Applications today require a high degree of parallelism. Even a very single-minded application can have a complex user interface. As machines get faster, users become more sensitive to waiting for unrelated tasks that seize control of their time. Threads provide efficient multiprocessing and distribution of tasks. Java makes threads easy to use because support for them is built into the language.

Concurrency is nice, but there's more to programming with threads than just performing multiple tasks simultaneously. In many cases, threads need to be synchronized, which can be tricky without explicit language support. Java supports synchronization based on the monitor and condition model developed by C.A.R. Hoare--a sort of lock and key system for accessing resources. A keyword, synchronized, designates methods for safe, serialized access within an object. Only one synchronized method within the object may run at a given time. There are also simple, primitive methods for explicit waiting and signaling between threads interested in the same object.
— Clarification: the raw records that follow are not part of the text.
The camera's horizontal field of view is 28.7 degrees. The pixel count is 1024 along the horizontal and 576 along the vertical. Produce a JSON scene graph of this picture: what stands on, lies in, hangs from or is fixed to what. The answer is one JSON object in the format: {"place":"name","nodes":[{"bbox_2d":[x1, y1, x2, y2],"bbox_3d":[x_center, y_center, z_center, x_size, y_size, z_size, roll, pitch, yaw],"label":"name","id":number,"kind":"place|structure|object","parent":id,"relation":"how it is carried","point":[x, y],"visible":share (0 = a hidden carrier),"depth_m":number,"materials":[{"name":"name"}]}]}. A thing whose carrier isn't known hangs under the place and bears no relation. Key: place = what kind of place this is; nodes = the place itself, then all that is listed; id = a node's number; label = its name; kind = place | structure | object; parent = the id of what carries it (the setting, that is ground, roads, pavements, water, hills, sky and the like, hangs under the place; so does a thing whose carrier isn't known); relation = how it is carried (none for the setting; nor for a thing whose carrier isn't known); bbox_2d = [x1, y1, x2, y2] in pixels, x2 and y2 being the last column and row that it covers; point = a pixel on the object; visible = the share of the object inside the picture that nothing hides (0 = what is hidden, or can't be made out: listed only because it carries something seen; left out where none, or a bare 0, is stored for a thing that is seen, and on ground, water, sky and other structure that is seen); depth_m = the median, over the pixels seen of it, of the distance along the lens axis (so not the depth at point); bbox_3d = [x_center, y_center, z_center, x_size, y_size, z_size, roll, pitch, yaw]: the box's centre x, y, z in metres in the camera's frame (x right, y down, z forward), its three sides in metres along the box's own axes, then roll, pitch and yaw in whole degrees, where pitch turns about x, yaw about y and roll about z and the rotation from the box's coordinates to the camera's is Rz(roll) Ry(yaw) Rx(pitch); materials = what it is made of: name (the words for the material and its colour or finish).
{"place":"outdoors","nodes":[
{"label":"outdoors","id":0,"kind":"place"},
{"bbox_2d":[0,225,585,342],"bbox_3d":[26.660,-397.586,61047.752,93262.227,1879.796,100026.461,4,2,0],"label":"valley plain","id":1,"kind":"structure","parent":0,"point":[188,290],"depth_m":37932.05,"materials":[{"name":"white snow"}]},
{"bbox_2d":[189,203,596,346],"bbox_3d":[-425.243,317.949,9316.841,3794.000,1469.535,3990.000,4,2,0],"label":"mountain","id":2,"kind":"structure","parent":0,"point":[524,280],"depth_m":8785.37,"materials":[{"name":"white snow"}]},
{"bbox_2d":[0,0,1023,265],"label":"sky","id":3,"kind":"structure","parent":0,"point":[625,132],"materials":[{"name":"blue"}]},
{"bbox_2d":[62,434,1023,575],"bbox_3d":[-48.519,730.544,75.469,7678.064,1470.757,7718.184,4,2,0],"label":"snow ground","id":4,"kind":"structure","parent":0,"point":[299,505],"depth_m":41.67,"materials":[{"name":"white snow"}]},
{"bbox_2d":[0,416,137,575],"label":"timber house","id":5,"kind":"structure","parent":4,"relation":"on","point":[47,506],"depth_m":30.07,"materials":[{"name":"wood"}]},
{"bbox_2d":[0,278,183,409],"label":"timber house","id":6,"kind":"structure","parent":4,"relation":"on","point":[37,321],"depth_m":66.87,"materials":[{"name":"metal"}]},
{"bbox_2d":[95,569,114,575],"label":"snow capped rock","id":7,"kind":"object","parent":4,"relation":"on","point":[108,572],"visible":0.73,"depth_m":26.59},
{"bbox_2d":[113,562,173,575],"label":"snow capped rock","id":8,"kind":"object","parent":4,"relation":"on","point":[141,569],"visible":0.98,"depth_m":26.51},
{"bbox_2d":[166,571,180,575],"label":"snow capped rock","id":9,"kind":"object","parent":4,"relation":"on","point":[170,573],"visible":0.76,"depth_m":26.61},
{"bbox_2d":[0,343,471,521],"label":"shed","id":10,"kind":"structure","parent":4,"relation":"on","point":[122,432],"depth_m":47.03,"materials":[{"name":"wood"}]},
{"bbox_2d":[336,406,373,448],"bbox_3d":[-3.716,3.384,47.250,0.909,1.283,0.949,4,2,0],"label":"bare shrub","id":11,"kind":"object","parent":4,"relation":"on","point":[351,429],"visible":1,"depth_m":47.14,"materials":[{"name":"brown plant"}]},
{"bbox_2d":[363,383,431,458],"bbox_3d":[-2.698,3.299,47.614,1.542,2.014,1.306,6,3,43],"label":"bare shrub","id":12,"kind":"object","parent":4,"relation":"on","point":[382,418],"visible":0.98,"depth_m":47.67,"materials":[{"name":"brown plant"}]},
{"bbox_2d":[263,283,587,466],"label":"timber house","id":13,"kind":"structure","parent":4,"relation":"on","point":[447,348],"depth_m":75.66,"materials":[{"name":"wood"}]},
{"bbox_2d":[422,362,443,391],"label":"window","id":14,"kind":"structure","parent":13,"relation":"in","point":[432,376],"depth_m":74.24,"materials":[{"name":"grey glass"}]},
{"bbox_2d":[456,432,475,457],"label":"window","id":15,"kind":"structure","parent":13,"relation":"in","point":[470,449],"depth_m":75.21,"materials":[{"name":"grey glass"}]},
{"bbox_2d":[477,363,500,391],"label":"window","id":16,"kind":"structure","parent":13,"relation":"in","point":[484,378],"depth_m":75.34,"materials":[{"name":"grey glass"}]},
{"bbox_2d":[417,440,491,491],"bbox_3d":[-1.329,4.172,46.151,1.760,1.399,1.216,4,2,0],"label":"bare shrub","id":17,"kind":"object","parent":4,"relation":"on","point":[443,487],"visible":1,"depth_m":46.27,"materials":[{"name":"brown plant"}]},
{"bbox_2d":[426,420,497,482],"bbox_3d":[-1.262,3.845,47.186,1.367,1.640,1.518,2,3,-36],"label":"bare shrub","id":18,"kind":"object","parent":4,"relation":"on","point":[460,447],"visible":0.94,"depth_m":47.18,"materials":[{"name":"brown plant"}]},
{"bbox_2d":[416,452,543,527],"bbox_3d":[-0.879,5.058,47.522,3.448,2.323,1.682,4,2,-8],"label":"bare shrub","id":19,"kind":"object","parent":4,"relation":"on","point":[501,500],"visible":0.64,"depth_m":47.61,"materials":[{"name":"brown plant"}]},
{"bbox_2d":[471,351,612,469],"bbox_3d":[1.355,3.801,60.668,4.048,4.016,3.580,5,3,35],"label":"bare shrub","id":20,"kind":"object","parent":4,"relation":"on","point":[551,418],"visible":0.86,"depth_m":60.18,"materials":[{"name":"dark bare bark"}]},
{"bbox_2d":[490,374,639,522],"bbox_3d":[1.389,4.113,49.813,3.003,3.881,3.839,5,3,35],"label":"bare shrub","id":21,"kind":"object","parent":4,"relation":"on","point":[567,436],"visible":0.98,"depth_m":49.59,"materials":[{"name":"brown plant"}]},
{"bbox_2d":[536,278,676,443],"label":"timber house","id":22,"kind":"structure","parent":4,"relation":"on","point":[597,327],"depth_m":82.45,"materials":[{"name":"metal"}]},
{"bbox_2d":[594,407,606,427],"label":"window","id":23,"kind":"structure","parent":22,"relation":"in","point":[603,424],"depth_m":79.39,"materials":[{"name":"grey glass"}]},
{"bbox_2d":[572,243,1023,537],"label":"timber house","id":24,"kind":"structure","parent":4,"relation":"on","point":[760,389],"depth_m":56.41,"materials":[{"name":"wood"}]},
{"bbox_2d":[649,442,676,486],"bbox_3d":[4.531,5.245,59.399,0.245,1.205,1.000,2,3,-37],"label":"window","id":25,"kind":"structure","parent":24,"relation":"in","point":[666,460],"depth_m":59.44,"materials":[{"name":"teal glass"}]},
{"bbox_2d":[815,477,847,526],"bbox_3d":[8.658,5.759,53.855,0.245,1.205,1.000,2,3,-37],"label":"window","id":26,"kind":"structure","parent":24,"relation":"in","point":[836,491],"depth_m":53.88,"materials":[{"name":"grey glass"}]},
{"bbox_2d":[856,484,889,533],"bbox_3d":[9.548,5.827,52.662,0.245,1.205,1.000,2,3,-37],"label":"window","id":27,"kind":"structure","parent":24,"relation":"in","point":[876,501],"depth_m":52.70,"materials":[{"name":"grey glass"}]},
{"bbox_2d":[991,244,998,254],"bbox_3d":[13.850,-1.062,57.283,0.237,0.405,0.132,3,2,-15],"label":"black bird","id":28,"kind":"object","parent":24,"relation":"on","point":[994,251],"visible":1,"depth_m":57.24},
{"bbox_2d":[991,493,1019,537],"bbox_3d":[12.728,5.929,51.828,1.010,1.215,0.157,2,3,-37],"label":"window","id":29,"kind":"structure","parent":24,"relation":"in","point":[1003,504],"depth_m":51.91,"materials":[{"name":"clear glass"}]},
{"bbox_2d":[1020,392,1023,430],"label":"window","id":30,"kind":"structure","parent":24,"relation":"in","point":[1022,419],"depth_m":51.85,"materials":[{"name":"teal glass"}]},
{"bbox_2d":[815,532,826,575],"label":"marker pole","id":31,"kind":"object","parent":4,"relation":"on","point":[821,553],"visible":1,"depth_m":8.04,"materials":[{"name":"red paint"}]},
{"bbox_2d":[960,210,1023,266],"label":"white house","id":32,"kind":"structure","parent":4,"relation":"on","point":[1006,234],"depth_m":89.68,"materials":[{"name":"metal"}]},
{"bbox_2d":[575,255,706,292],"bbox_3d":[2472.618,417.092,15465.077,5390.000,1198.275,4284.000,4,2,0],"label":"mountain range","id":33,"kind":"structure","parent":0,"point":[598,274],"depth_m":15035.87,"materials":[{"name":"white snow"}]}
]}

Learning to program with threads is an important part of learning to program in Java. See Chapter 6, Threads for a discussion of this topic. For complete coverage of threads, see Java Threads, by Scott Oaks and Henry Wong (O'Reilly & Associates).

Scalability

At the lowest level, Java programs consist of classes. Classes are intended to be small, modular components. They can be separated physically on different systems, retrieved dynamically, and even cached in various distribution schemes. Over classes, Java provides packages, a layer of structure that groups classes into functional units. Packages provide a naming convention for organizing classes and a second level of organizational control over the visibility of variables and methods in Java applications.

Within a package, a class is either publicly visible or protected from outside access. Packages form another type of scope that is closer to the application level. This lends itself to building reusable components that work together in a system. Packages also help in designing a scalable application that can grow without becoming a bird's nest of tightly coupled code dependency.